Wer immer Brille trägt, sollte sich auch so auf dem Bewerbungsfoto präsentieren.

Dieser Tipp ist vergleichsweise einfach zu geben, denn es gilt: Brauchen Sie immer eine Brille, sollten Sie diese auch auf dem Bewerbungsfoto tragen. Brauchen Sie nur zum Lesen oder nur zum Autofahren eine Brille, müssen Sie sich nicht mit dem Nasenfahrrad ablichten lassen. Diesen Ratschlag würde Ihnen zumindest der Personalreferent geben, der in erster Linie inhaltlich argumentiert. Der eine oder andere Fotograf hingegen freut sich indes darüber, wenn Sie die Brille abnehmen – denn dann wird die Aufnahme für ihn leichter, weil er nicht auf unschöne Spiegelungen und Reflexe achten muss. Soweit zur grundsätzlichen Idee. Doch gibt es auch einen Beruf, bei dem Brille gut ankommt?

Ja, beim angehenden Optiker!

Wer einmal ganz bewusst den Weg zum Optiker geht, der wird sehen, dass kaum ein Optiker keine Brille trägt, und dass die Brillenmodelle oft angepasst ans Outfit wechseln. Warum das so ist, wird klar, wenn Sie an eine Brille als ein Accessoire denken: Eine Brille ist längst nicht mehr nur ein Hilfsmittel, um besser sehen zu können, sondern eine Brille kann auch als Schmuckstück getragen werden – was ein Blick in die unzähligen Modellreihen mit unterschiedlichen Farben und Formen verdeutlicht. Kurz um: Wer sich auf die Ausbildung zum/zur Augenoptiker/-in bewirbt, der darf ganz klar Brille tragen.

Exkurs: Die Augenoptiker-Ausbildung

Die Ausbildung zum Augenoptiker ist eine dreijährige Ausbildung, die in die Rubrik „Handwerk“ eingruppiert wird. Augenoptiker kennen sowohl die handwerkliche Seite – die Herstellung von Sehhilfen – als auch die Kundenberatung, bei der sie Brillen und Kontaktlinsen verkaufen und Sehhilfen reparieren. Daneben erledigen sie auch kaufmännische Arbeiten bei einem Augenoptiker wie Bestell- und Zahlvorgänge.

Bewerbungsfoto: Mit oder ohne Brille?

Wie eingangs bereits erwähnt, sollten Sie sich nicht von einem Fotografen leiten lassen, der behauptet, dass ein Bewerbungsfoto mit Brille weniger schick ist. Diese Hinweise sind meistens ein Indiz dafür, dass der Fotograf es sich nicht zutraut, einen Brillenträger ordentlich und ohne Spiegelungen und Reflexe zu fotografieren – und das ist natürlich unprofessionell. Wechseln Sie den Fotografen, wenn Sie das Gefühl haben, dass er nicht kann.

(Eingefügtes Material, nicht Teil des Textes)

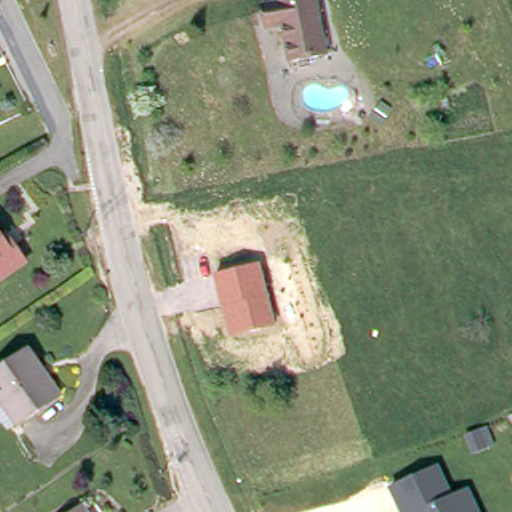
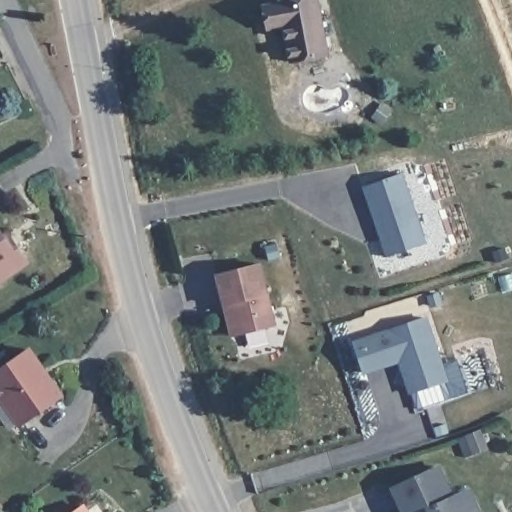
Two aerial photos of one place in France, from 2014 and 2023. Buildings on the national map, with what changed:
unchanged [(294,63),(285,27),(266,32),(260,7),(289,0),(318,0),(318,3),(331,53),(294,63)]
new [(427,244),(386,257),(362,187),(401,173),(427,244)]
unchanged [(20,244),(31,261),(0,283),(0,225),(14,245),(20,244)]
unchanged [(261,264),(276,325),(229,336),(215,276),(261,264)]
new [(448,380),(407,394),(398,363),(362,375),(351,342),(427,317),(448,380)]
unchanged [(62,394),(18,425),(15,421),(9,425),(0,412),(0,402),(3,400),(0,394),(0,368),(30,347),(62,394)]
unchanged [(442,464),(457,494),(470,487),(482,512),(401,512),(390,487),(442,464)]
unchanged [(91,512),(73,512),(85,504),(91,512)]

Grundsätzlich jedoch nämlich, dass die Brille – wenn sie Ihr täglicher Begleiter ist – mit aufs Foto muss. Variieren dürfen sie natürlich die Brillenart, wenn Sie mehrere Modelle besitzen und dabei sollten Sie auch an das Styling-Thema denken: Passt die Brille zum Outfit, wirkt das Bild gleich viel stimmiger. Besonders leicht zu kombinieren sind randlose Brillen oder Modelle mit dunklem Rahmen. Schwieriger könnte es bei farbigen Modellen werden – dafür wird’s aber auch individueller.

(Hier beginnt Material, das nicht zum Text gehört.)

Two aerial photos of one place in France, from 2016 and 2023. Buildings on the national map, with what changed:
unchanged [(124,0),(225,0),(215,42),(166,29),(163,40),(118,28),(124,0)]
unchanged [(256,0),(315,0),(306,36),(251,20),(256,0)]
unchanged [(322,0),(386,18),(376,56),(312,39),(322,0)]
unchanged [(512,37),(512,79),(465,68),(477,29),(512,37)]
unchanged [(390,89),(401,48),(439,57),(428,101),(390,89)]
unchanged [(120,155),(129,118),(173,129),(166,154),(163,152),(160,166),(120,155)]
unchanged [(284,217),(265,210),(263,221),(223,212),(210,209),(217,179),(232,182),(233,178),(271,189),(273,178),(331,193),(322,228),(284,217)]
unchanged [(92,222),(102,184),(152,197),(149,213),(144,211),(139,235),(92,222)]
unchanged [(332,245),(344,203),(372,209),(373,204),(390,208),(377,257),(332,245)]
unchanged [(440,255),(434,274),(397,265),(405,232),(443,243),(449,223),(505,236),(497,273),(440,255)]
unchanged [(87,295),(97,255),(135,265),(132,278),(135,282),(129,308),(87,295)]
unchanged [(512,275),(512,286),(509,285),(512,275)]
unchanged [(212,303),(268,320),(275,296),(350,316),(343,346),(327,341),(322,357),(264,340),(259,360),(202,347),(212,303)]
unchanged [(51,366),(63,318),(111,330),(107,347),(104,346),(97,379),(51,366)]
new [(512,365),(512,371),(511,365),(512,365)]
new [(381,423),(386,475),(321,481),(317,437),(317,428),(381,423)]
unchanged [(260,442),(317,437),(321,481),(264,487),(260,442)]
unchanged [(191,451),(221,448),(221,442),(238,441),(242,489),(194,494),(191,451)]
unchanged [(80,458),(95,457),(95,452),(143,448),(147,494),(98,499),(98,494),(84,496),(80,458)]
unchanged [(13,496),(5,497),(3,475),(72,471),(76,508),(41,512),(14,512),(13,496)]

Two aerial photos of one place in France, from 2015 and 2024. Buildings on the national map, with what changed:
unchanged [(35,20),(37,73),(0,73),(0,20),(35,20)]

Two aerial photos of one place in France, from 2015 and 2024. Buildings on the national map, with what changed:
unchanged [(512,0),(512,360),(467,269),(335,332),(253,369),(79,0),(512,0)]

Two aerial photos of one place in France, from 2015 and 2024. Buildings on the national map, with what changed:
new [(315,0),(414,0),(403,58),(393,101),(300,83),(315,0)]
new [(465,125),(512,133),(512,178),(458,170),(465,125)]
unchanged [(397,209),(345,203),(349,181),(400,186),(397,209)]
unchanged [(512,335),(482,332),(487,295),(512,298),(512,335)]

Brillenträgerinnen müssen aufs Make Up achten

Die Kombination aus Brille und Stift lässt vermuten, dass diese junge Frau im Bildungssektor tätig ist.

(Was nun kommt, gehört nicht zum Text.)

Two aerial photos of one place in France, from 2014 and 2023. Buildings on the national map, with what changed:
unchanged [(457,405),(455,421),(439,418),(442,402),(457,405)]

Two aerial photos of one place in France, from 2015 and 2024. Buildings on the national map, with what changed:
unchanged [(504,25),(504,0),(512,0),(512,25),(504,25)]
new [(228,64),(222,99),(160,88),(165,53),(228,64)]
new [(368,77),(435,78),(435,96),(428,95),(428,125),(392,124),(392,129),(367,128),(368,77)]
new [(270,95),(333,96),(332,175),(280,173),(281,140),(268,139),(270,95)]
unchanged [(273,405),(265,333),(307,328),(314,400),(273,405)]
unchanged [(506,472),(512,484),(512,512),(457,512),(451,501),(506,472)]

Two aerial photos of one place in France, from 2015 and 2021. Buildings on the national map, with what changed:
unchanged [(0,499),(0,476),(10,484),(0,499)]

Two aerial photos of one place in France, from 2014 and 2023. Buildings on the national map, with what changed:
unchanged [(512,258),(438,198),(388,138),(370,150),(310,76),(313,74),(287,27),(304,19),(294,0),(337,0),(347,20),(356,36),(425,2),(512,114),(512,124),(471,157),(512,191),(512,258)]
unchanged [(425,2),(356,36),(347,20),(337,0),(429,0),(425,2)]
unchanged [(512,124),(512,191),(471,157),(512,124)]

Wer eine Brille trägt, hat den Vorteil, diese als Accessoire nutzen zu können – aber auch den Nachteil, die Brille mit dem Make Up in Einklang bringen zu müssen. Wie das am besten funktioniert, verraten diese Make Up-Tipps für Brillenträger:

  1. Wer eine moderne, große Brille trägt, die farblich hervorsticht oder dominant ist, sollte auf dezentes Augen Make Up setzen und eher die Lippen als Pendant betonen.
  2. Da Brillen nicht nur die Augen, sondern auch die Augenbrauen betonen, sollten diese in Form gebracht werden: Brauen gezupft und gegebenenfalls nachgestrichelt werden.
  3. Bei Brillenträgern ist ein breiterer Lidstrich erlaubt, wenn der Brillenrahmen entsprechend dick ist. Ist die Brille sehr schlicht, muss auch der Lidstrich entsprechend dünn gezogen werden.
  4. Die Wimpern dürfen (bei Kurzsichtigen) kräftig getuscht werden, um die Augenpartie zu betonen und nicht mit der Farbe des Brillenrahmens zu kollidieren.
  5. Concealer und Foundation sind ein Muss für Brillenträger, denn die Brille wirft in der Regel zusätzliche Schatten aufs Gesicht.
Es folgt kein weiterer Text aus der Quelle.